Joel Grant (1816-1881) was a graduate of Yale University, 1838. He attended Andover Theological Seminary 1842-43, Yale Theological Seminary 1843-1848. He taught at Berlin, Maryland, was a professor of Mathematics with the United States Navy sailing on the USS Potomac for three years. He was pastor of the Congregational Churches at Lockport, Illinois; West Avon, Connecticut; Bristol, Illinois; Cambridge, Illinois and Downers Grove, Illinois. He served as Chaplain for the 12th Illinois Volunteer Infantry from 1861 to 1865 and the 113th United States Colored Infantry 1865-1866. See obituary at AAS. He married (1845) Abigail Fidelia Cowles (1820-1881). Their children were:

John Cowles Grant (1848- ) Yale A.B. 1869, A.M. 1872. He married (1878) Susan Rae Henry (1847-1883) and (1886) Anna Foote Coffin (1857- ). He was Principal of the Harvard School in Chicago.

Mary Hannah Grant (1851-1853).

William Elijah Grant (1852-1869).

Robert Stuart Grant (1857-1858).

Daniel Grant (1818-1892) He married (1842) Caroline Benton Burr (1820-1892). They homesteaded in Wisconsin in 1843. He went overland to California in 1849 sending his family back to Norfolk, Connecticut. He returned 1856 but continued to seek opportunities elsewhere. They finally resided in New Marlborough, Massachusetts. Their children were:

Abigail Elizabeth Grant (1845-1920) She attended Mt. Holyoke and Beloit College. She married (1869) Rev. Almon Whitney Burr Oberlin 1868, Oberlin Theological Seminary 1871, Andover Theological Seminary 1874. He was Principal of Hallowell Classical Academy and Professor at Beloit College. Their children were:

Caroline Lynette Burr (1870-1963) Unmarried. Librarian at Beloit College.

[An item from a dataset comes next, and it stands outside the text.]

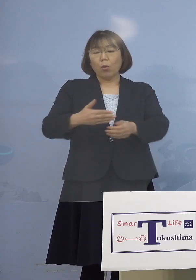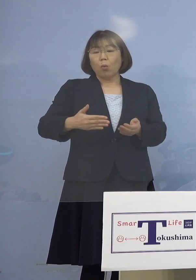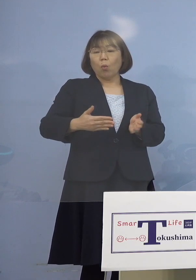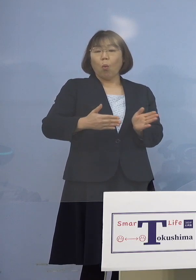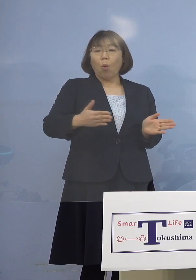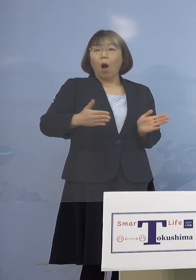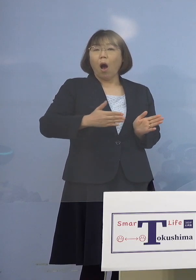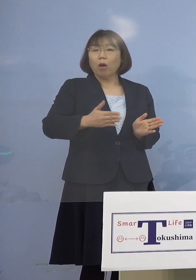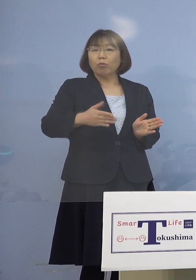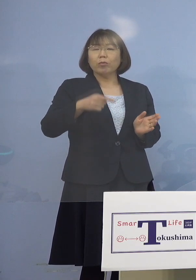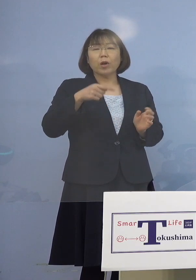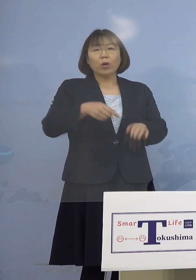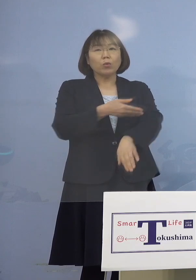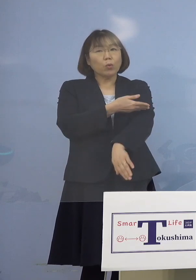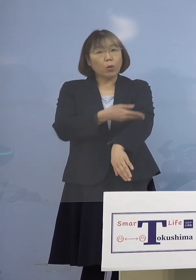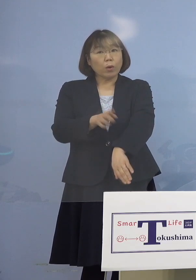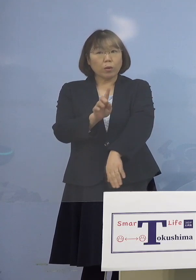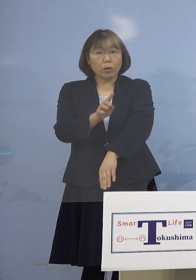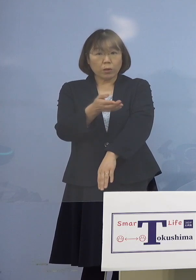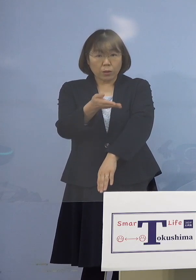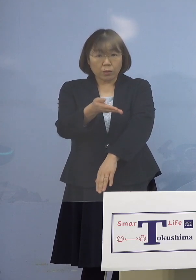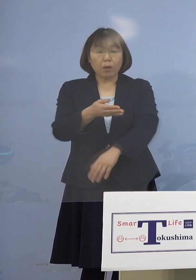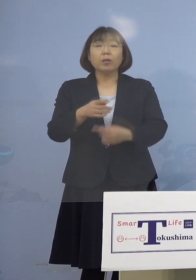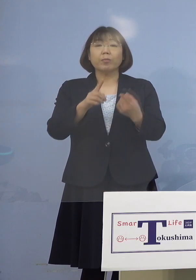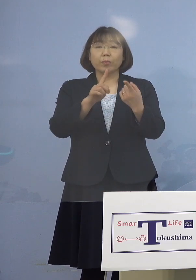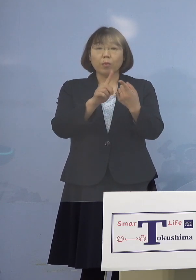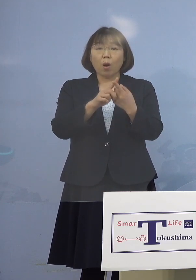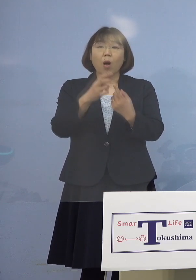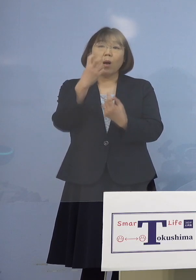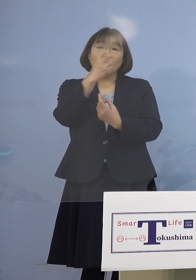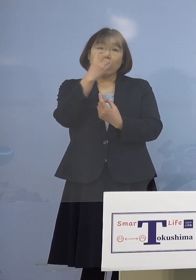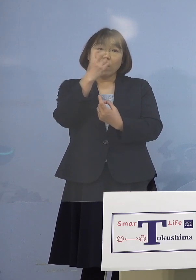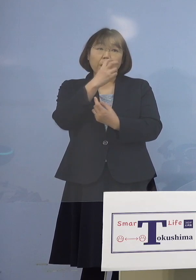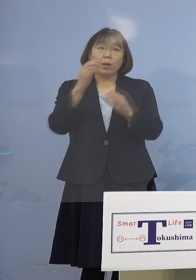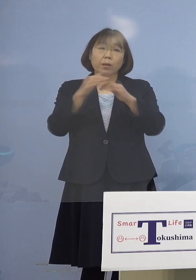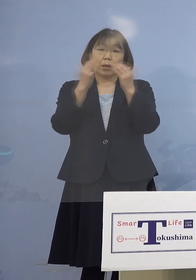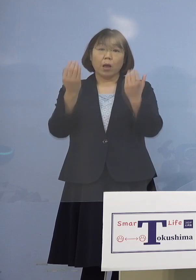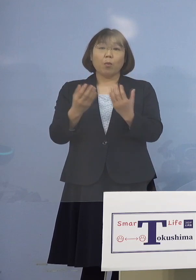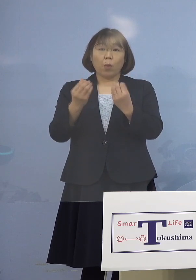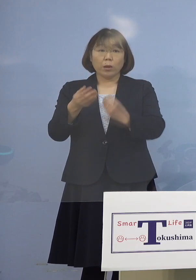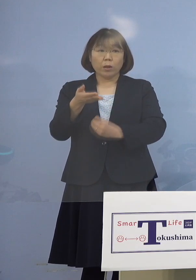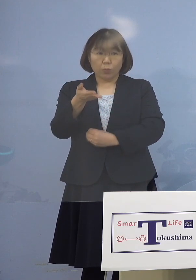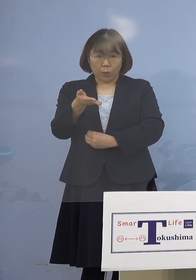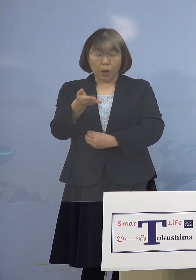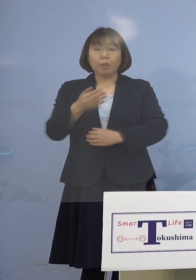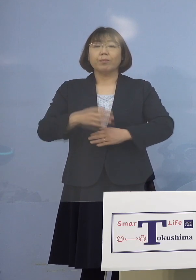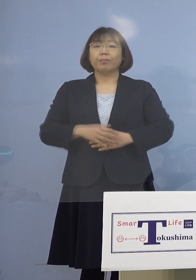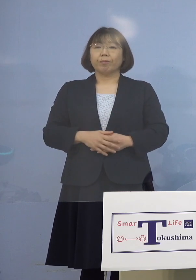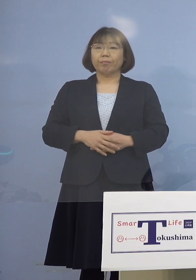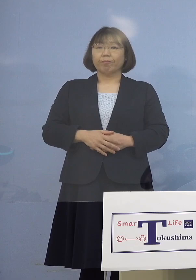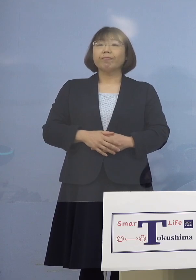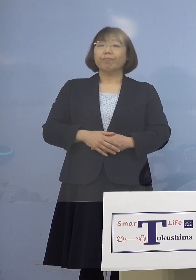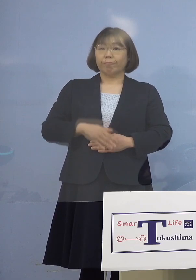その経緯を教えていただきたいのと 検査はもう終了しているのか というところをお願いします

Harold William Burr (1872-1950) Unmarried.

Arthur Edmonds Burr (1883- ) married, four children.

Edward Burr Grant (1848-1896) He married (1881) Lucy Churchill Baldwin (1853-1936). He attended Oberlin College and was a farmer in Southfield (New Marlborough) Massachusetts.

Abigail Grant (1820-1835).

John Grant (1822-1878) A.B. Yale 1845, Teacher in Virginia, New York and New Jersey. Served at New York Customs House. Deacon Congregational Church in Newark. He married (1857) Susan Gertrude Day (1837-1881). Their children were:

Gertrude Elizabeth Grant (1858-1860).

William Marcus Grant (1860- ).

Martha Grant (1824-1847) She died while attending Mt. Holyoke.

James Marcus Grant (1827- ). He followed Daniel to the gold fields. He married (1868) Harriet Lucy Root (1835- ). He inherited the Deacon Grant Farm and resided there throughout the remainder of his life.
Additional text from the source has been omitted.